# [Task goal]
Give an exact copy of the data that follows, but none of its pictures.

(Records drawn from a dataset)
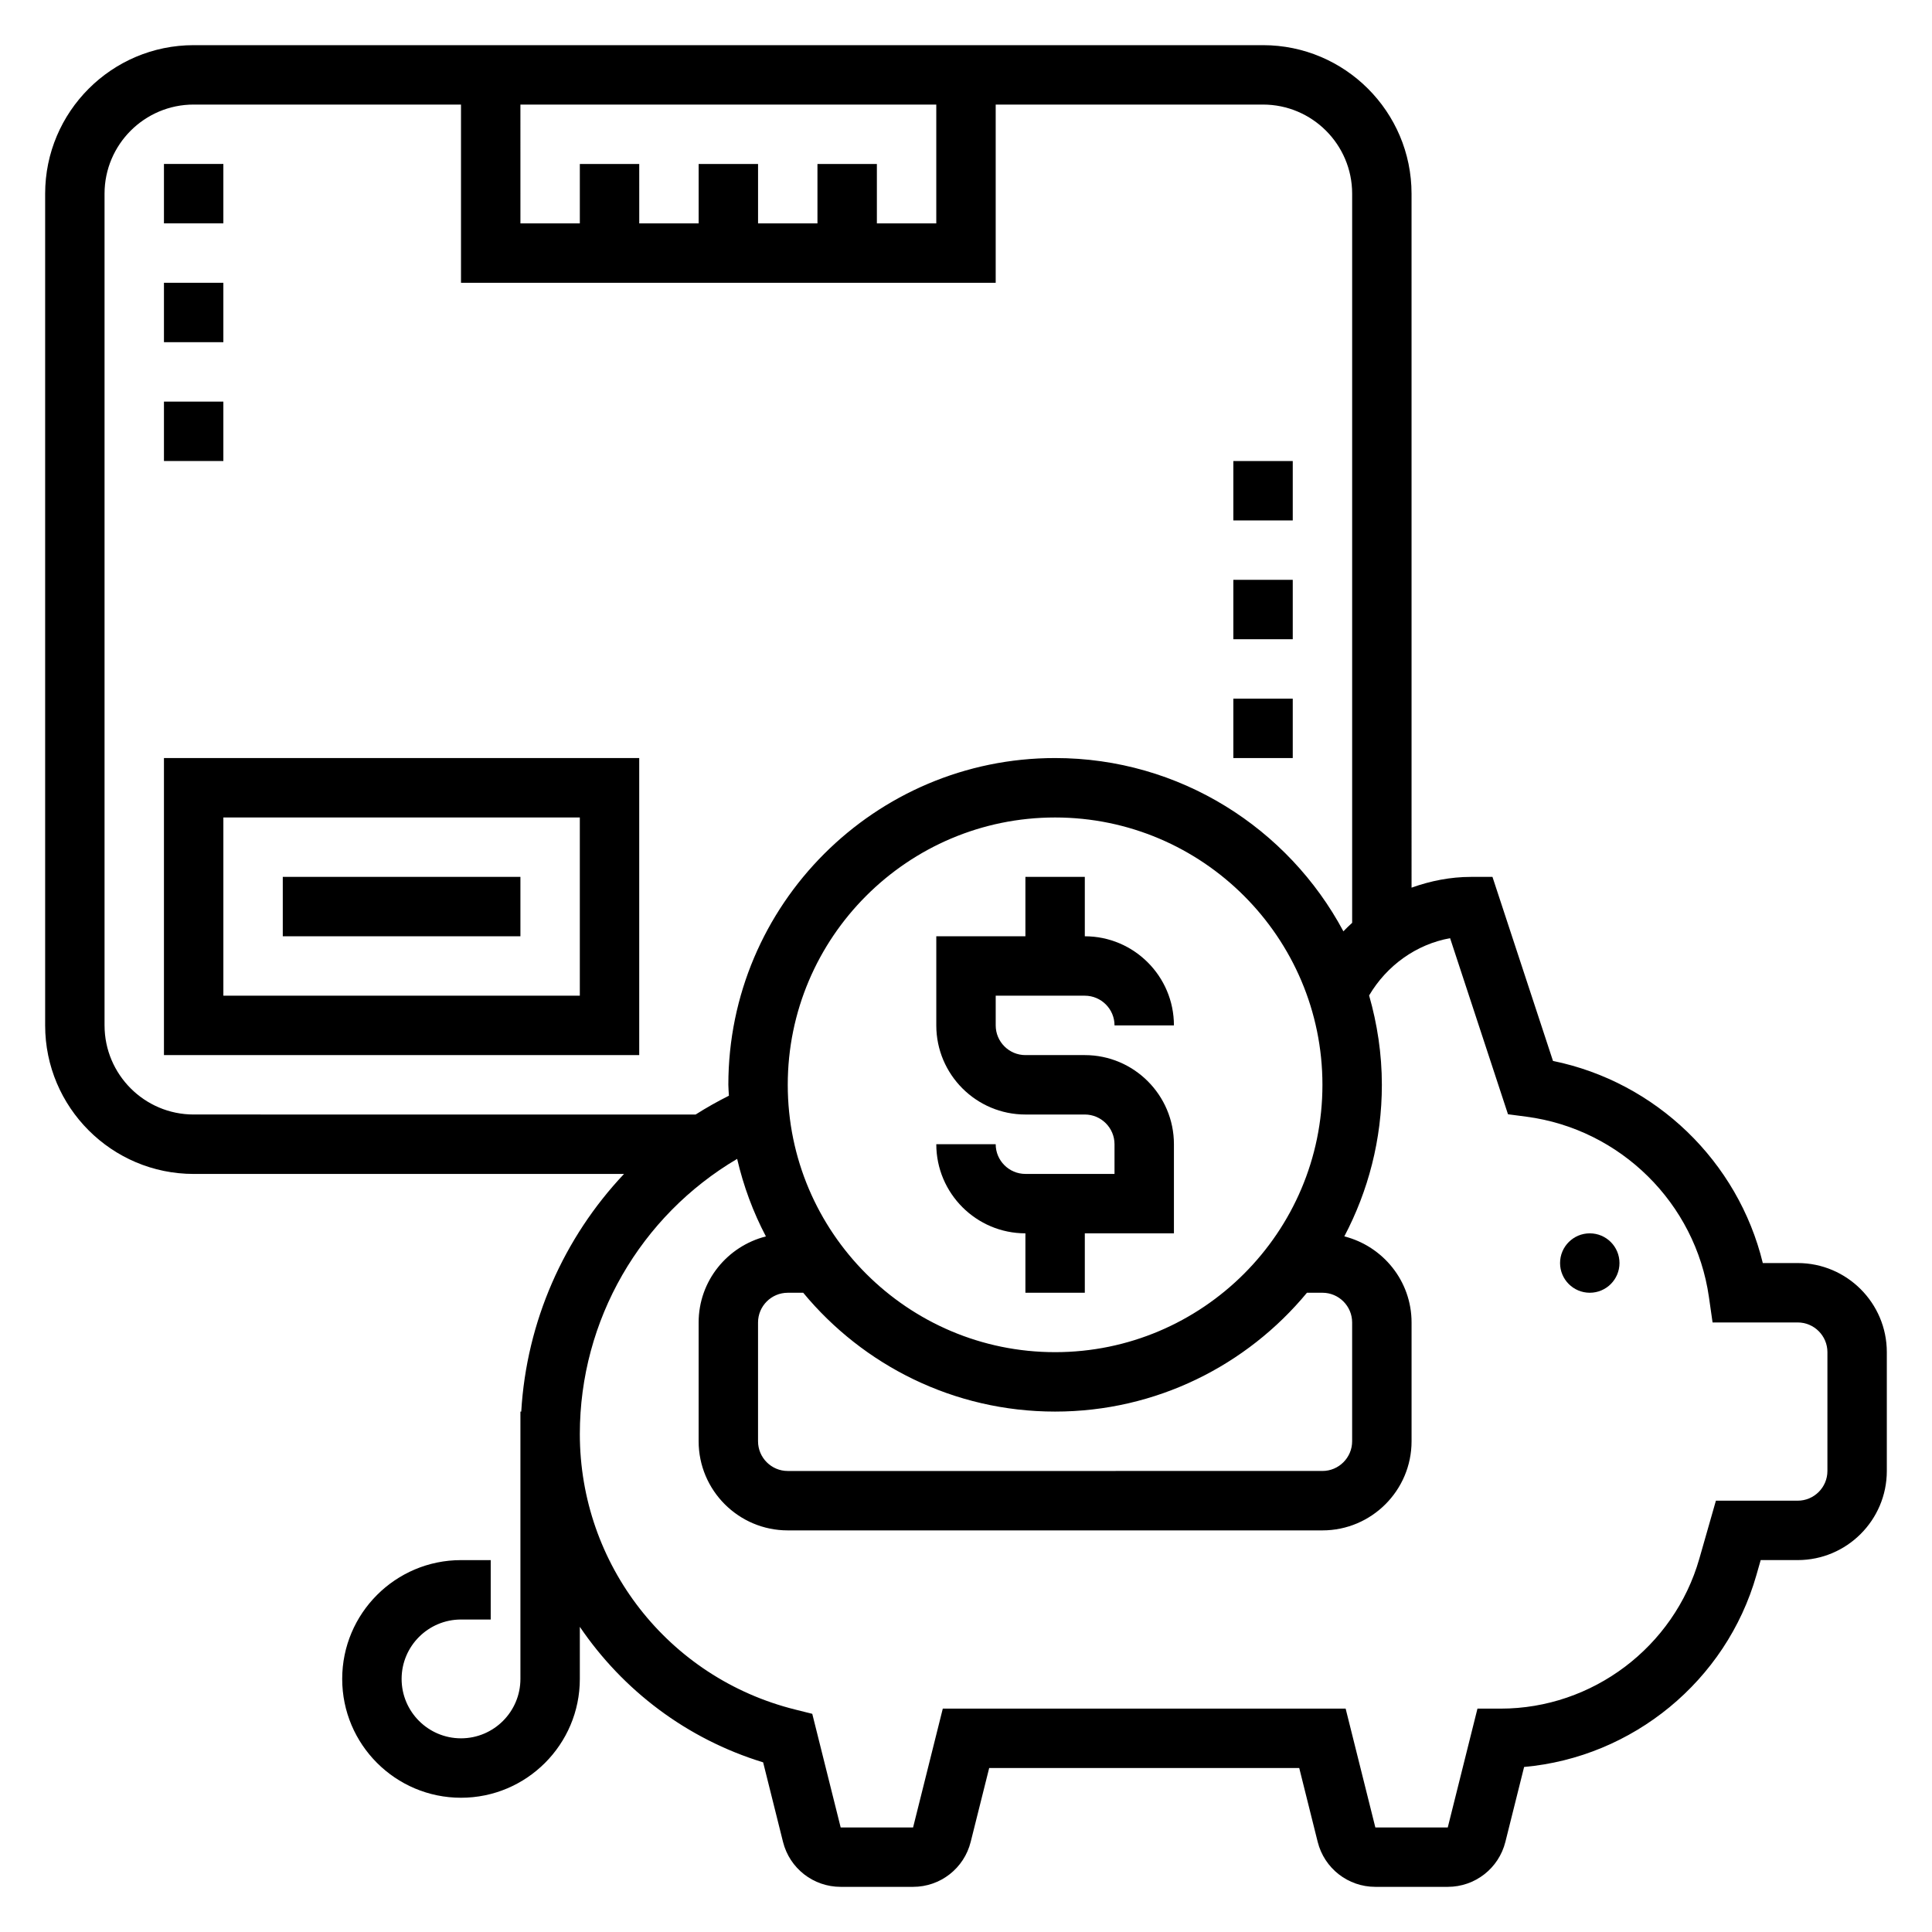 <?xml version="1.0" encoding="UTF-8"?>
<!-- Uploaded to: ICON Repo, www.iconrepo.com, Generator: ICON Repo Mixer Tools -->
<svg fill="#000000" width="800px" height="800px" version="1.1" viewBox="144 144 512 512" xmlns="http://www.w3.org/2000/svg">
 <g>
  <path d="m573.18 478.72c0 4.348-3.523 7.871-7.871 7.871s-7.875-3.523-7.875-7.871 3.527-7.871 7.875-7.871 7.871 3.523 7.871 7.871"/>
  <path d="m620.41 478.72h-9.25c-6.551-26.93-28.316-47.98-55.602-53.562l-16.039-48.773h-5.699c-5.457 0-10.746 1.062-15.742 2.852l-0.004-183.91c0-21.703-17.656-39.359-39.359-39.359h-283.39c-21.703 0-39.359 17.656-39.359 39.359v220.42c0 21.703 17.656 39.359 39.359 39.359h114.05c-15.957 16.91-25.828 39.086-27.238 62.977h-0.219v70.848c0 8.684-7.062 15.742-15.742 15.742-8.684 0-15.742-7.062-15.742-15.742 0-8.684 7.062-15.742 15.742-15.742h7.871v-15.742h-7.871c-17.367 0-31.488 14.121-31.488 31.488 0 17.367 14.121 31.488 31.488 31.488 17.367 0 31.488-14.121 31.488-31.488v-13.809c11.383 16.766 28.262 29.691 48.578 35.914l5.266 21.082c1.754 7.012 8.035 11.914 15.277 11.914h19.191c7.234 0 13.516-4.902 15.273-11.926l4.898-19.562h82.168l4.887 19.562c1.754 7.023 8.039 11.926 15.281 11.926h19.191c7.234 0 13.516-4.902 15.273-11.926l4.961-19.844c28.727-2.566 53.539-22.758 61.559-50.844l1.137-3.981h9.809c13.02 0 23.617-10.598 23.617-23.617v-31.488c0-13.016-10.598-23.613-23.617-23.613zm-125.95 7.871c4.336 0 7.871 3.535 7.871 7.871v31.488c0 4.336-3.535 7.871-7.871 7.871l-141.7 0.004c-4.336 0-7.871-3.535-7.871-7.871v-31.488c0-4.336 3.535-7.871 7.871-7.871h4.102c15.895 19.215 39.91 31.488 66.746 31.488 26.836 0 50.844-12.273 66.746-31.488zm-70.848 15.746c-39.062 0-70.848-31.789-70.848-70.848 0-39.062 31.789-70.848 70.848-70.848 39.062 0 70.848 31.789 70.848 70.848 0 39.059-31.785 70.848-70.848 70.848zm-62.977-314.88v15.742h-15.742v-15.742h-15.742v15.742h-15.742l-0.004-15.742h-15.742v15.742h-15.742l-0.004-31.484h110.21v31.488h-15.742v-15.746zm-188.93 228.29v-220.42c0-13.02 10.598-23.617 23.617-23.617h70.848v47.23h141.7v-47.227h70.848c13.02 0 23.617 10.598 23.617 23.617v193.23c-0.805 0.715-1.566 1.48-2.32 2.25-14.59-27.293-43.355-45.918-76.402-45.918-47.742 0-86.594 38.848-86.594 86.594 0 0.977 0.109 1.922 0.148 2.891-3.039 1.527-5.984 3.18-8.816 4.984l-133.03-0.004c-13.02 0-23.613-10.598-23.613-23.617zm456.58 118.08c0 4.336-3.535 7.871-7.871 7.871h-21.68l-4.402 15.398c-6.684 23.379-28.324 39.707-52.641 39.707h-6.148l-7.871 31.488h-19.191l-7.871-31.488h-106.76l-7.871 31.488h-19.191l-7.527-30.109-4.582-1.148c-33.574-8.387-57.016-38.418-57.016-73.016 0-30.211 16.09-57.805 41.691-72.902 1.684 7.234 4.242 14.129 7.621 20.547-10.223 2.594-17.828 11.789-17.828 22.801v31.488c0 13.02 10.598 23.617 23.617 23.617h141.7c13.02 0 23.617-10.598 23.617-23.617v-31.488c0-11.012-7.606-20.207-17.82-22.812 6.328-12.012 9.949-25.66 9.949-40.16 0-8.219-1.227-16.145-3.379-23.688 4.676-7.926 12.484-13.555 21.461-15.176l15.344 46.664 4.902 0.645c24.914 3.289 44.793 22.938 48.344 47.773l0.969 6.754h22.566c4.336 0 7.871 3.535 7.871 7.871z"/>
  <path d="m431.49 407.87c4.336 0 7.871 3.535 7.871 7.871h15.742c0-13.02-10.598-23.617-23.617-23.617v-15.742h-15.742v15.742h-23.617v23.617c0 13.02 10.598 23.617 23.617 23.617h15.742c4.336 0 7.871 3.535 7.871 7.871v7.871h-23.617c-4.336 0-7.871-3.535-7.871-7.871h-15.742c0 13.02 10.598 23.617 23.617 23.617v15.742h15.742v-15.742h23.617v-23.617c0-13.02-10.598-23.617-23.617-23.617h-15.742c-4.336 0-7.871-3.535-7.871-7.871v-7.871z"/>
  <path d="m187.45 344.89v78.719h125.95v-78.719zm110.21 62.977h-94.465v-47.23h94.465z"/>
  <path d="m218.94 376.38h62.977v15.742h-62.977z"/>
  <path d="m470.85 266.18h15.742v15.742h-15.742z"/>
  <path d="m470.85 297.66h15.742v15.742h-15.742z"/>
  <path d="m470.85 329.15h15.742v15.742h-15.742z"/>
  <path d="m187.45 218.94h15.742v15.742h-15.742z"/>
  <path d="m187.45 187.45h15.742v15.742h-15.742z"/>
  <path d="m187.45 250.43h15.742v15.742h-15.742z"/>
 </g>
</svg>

# [Expected output]
 <?xml version="1.0" encoding="UTF-8"?>
<!-- Uploaded to: ICON Repo, www.iconrepo.com, Generator: ICON Repo Mixer Tools -->
<svg fill="#000000" width="800px" height="800px" version="1.1" viewBox="144 144 512 512" xmlns="http://www.w3.org/2000/svg">
 <g>
  <path d="m573.18 478.72c0 4.348-3.523 7.871-7.871 7.871s-7.875-3.523-7.875-7.871 3.527-7.871 7.875-7.871 7.871 3.523 7.871 7.871"/>
  <path d="m620.41 478.72h-9.25c-6.551-26.93-28.316-47.98-55.602-53.562l-16.039-48.773h-5.699c-5.457 0-10.746 1.062-15.742 2.852l-0.004-183.91c0-21.703-17.656-39.359-39.359-39.359h-283.39c-21.703 0-39.359 17.656-39.359 39.359v220.42c0 21.703 17.656 39.359 39.359 39.359h114.05c-15.957 16.91-25.828 39.086-27.238 62.977h-0.219v70.848c0 8.684-7.062 15.742-15.742 15.742-8.684 0-15.742-7.062-15.742-15.742 0-8.684 7.062-15.742 15.742-15.742h7.871v-15.742h-7.871c-17.367 0-31.488 14.121-31.488 31.488 0 17.367 14.121 31.488 31.488 31.488 17.367 0 31.488-14.121 31.488-31.488v-13.809c11.383 16.766 28.262 29.691 48.578 35.914l5.266 21.082c1.754 7.012 8.035 11.914 15.277 11.914h19.191c7.234 0 13.516-4.902 15.273-11.926l4.898-19.562h82.168l4.887 19.562c1.754 7.023 8.039 11.926 15.281 11.926h19.191c7.234 0 13.516-4.902 15.273-11.926l4.961-19.844c28.727-2.566 53.539-22.758 61.559-50.844l1.137-3.981h9.809c13.02 0 23.617-10.598 23.617-23.617v-31.488c0-13.016-10.598-23.613-23.617-23.613zm-125.95 7.871c4.336 0 7.871 3.535 7.871 7.871v31.488c0 4.336-3.535 7.871-7.871 7.871l-141.7 0.004c-4.336 0-7.871-3.535-7.871-7.871v-31.488c0-4.336 3.535-7.871 7.871-7.871h4.102c15.895 19.215 39.91 31.488 66.746 31.488 26.836 0 50.844-12.273 66.746-31.488zm-70.848 15.746c-39.062 0-70.848-31.789-70.848-70.848 0-39.062 31.789-70.848 70.848-70.848 39.062 0 70.848 31.789 70.848 70.848 0 39.059-31.785 70.848-70.848 70.848zm-62.977-314.88v15.742h-15.742v-15.742h-15.742v15.742h-15.742l-0.004-15.742h-15.742v15.742h-15.742l-0.004-31.484h110.21v31.488h-15.742v-15.746zm-188.93 228.29v-220.42c0-13.02 10.598-23.617 23.617-23.617h70.848v47.23h141.7v-47.227h70.848c13.02 0 23.617 10.598 23.617 23.617v193.23c-0.805 0.715-1.566 1.48-2.32 2.25-14.59-27.293-43.355-45.918-76.402-45.918-47.742 0-86.594 38.848-86.594 86.594 0 0.977 0.109 1.922 0.148 2.891-3.039 1.527-5.984 3.18-8.816 4.984l-133.03-0.004c-13.02 0-23.613-10.598-23.613-23.617zm456.58 118.08c0 4.336-3.535 7.871-7.871 7.871h-21.68l-4.402 15.398c-6.684 23.379-28.324 39.707-52.641 39.707h-6.148l-7.871 31.488h-19.191l-7.871-31.488h-106.76l-7.871 31.488h-19.191l-7.527-30.109-4.582-1.148c-33.574-8.387-57.016-38.418-57.016-73.016 0-30.211 16.09-57.805 41.691-72.902 1.684 7.234 4.242 14.129 7.621 20.547-10.223 2.594-17.828 11.789-17.828 22.801v31.488c0 13.02 10.598 23.617 23.617 23.617h141.7c13.02 0 23.617-10.598 23.617-23.617v-31.488c0-11.012-7.606-20.207-17.82-22.812 6.328-12.012 9.949-25.66 9.949-40.16 0-8.219-1.227-16.145-3.379-23.688 4.676-7.926 12.484-13.555 21.461-15.176l15.344 46.664 4.902 0.645c24.914 3.289 44.793 22.938 48.344 47.773l0.969 6.754h22.566c4.336 0 7.871 3.535 7.871 7.871z"/>
  <path d="m431.49 407.87c4.336 0 7.871 3.535 7.871 7.871h15.742c0-13.02-10.598-23.617-23.617-23.617v-15.742h-15.742v15.742h-23.617v23.617c0 13.02 10.598 23.617 23.617 23.617h15.742c4.336 0 7.871 3.535 7.871 7.871v7.871h-23.617c-4.336 0-7.871-3.535-7.871-7.871h-15.742c0 13.02 10.598 23.617 23.617 23.617v15.742h15.742v-15.742h23.617v-23.617c0-13.02-10.598-23.617-23.617-23.617h-15.742c-4.336 0-7.871-3.535-7.871-7.871v-7.871z"/>
  <path d="m187.45 344.89v78.719h125.95v-78.719zm110.21 62.977h-94.465v-47.23h94.465z"/>
  <path d="m218.94 376.38h62.977v15.742h-62.977z"/>
  <path d="m470.85 266.18h15.742v15.742h-15.742z"/>
  <path d="m470.85 297.66h15.742v15.742h-15.742z"/>
  <path d="m470.85 329.15h15.742v15.742h-15.742z"/>
  <path d="m187.45 218.94h15.742v15.742h-15.742z"/>
  <path d="m187.45 187.45h15.742v15.742h-15.742z"/>
  <path d="m187.45 250.43h15.742v15.742h-15.742z"/>
 </g>
</svg>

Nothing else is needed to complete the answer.